→ TASK REQUIREMENTS: Return the entries exactly as they appear.

GIVEN ENTRIES: Begin

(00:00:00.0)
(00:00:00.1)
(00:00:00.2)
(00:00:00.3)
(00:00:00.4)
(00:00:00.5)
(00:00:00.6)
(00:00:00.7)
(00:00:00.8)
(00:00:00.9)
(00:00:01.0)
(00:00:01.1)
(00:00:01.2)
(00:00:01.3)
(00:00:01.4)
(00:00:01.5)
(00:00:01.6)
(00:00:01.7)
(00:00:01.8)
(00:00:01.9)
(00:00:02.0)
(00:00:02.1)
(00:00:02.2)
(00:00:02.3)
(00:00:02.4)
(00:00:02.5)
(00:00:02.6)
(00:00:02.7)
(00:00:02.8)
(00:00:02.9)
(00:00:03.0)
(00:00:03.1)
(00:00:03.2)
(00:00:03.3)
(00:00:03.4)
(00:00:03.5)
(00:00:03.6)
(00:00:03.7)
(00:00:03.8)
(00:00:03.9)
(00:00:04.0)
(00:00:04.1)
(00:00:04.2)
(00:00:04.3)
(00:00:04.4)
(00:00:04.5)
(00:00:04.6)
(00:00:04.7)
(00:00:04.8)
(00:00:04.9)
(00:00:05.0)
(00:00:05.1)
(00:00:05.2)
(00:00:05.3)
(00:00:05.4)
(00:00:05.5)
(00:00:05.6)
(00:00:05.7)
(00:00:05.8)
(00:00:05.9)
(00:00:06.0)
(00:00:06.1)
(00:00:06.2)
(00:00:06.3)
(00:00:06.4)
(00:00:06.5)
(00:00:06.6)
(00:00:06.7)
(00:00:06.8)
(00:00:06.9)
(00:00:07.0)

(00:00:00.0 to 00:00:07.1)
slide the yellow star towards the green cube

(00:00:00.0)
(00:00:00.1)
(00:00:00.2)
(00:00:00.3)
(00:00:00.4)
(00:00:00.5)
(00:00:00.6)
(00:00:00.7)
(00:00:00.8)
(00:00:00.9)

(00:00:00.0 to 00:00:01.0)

GIVEN ENTRIES: End

→ RESULT BELOW:
(00:00:00.0)
(00:00:00.1)
(00:00:00.2)
(00:00:00.3)
(00:00:00.4)
(00:00:00.5)
(00:00:00.6)
(00:00:00.7)
(00:00:00.8)
(00:00:00.9)
(00:00:01.0)
(00:00:01.1)
(00:00:01.2)
(00:00:01.3)
(00:00:01.4)
(00:00:01.5)
(00:00:01.6)
(00:00:01.7)
(00:00:01.8)
(00:00:01.9)
(00:00:02.0)
(00:00:02.1)
(00:00:02.2)
(00:00:02.3)
(00:00:02.4)
(00:00:02.5)
(00:00:02.6)
(00:00:02.7)
(00:00:02.8)
(00:00:02.9)
(00:00:03.0)
(00:00:03.1)
(00:00:03.2)
(00:00:03.3)
(00:00:03.4)
(00:00:03.5)
(00:00:03.6)
(00:00:03.7)
(00:00:03.8)
(00:00:03.9)
(00:00:04.0)
(00:00:04.1)
(00:00:04.2)
(00:00:04.3)
(00:00:04.4)
(00:00:04.5)
(00:00:04.6)
(00:00:04.7)
(00:00:04.8)
(00:00:04.9)
(00:00:05.0)
(00:00:05.1)
(00:00:05.2)
(00:00:05.3)
(00:00:05.4)
(00:00:05.5)
(00:00:05.6)
(00:00:05.7)
(00:00:05.8)
(00:00:05.9)
(00:00:06.0)
(00:00:06.1)
(00:00:06.2)
(00:00:06.3)
(00:00:06.4)
(00:00:06.5)
(00:00:06.6)
(00:00:06.7)
(00:00:06.8)
(00:00:06.9)
(00:00:07.0)

(00:00:00.0 to 00:00:07.1)
slide the yellow star towards the green cube

(00:00:00.0)
(00:00:00.1)
(00:00:00.2)
(00:00:00.3)
(00:00:00.4)
(00:00:00.5)
(00:00:00.6)
(00:00:00.7)
(00:00:00.8)
(00:00:00.9)

(00:00:00.0 to 00:00:01.0)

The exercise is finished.